The problem: Report the count of lines below that include "provision", without any other text.

(Source records begins)

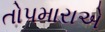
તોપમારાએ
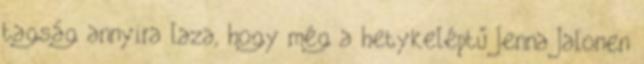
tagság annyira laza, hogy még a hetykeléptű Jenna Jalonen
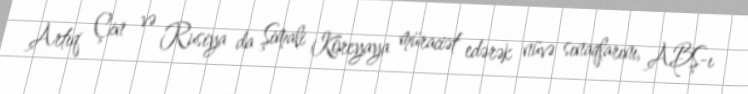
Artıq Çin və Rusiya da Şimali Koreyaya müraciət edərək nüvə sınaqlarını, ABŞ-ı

(Source records ends)
(Source records begins)

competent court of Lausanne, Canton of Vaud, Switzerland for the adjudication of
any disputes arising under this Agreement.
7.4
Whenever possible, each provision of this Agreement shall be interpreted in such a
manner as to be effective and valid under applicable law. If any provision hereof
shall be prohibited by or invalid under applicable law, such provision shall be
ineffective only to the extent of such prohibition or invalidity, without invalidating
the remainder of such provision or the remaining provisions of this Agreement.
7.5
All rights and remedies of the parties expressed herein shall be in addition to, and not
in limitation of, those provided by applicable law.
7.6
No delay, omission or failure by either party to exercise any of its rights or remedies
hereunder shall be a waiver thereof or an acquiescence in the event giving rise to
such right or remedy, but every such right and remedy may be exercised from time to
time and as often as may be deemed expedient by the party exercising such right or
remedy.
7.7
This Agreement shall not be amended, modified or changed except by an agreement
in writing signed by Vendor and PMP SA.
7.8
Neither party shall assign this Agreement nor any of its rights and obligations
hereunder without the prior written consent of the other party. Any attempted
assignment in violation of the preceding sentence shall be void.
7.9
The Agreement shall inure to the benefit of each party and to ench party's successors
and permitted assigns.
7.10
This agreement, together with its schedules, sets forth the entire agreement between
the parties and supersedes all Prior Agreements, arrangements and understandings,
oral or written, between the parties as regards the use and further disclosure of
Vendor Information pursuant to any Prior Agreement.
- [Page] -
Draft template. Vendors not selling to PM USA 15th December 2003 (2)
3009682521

(Source records ends)

Written solution: 4